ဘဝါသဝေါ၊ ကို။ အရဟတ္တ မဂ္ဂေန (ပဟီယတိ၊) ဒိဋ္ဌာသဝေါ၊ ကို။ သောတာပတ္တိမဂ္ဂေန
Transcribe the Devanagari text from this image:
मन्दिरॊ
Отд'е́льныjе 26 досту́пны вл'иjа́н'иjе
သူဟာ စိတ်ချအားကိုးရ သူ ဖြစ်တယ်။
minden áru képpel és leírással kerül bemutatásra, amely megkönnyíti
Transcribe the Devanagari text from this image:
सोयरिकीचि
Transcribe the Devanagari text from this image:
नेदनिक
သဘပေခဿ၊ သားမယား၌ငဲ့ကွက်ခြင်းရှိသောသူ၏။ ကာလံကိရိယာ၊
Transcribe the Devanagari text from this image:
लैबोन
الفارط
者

--

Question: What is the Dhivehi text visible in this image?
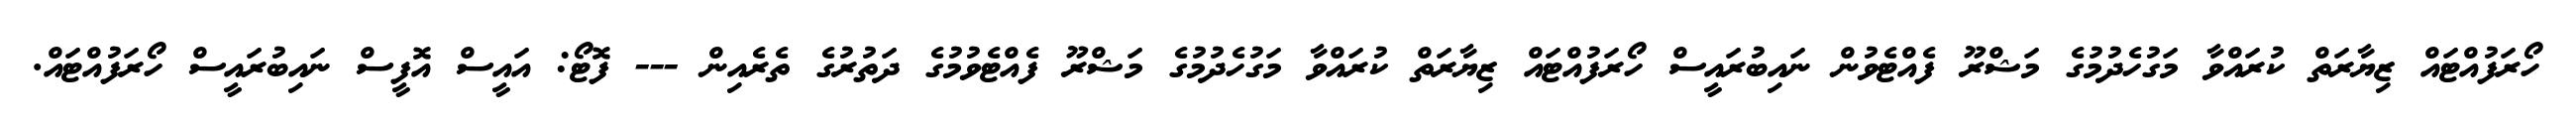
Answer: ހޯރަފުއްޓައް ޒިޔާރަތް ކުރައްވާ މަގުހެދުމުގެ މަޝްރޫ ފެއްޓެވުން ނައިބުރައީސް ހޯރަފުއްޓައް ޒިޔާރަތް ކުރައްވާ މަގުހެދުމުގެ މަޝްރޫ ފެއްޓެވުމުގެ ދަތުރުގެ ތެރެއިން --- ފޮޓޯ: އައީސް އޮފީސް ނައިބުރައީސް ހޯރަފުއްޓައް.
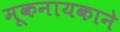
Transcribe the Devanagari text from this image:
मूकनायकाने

--

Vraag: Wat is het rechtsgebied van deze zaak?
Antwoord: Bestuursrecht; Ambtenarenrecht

### [Directions for this task]
Once the line with "Vraag: Wat is het rechtsgebied van deze zaak?" is found in the records above, print exactly that line and every line after it through the line with "Antwoord: Bestuursrecht; Ambtenarenrecht".

### [Your response]
Vraag: Wat is het rechtsgebied van deze zaak?
Antwoord: Bestuursrecht; Ambtenarenrecht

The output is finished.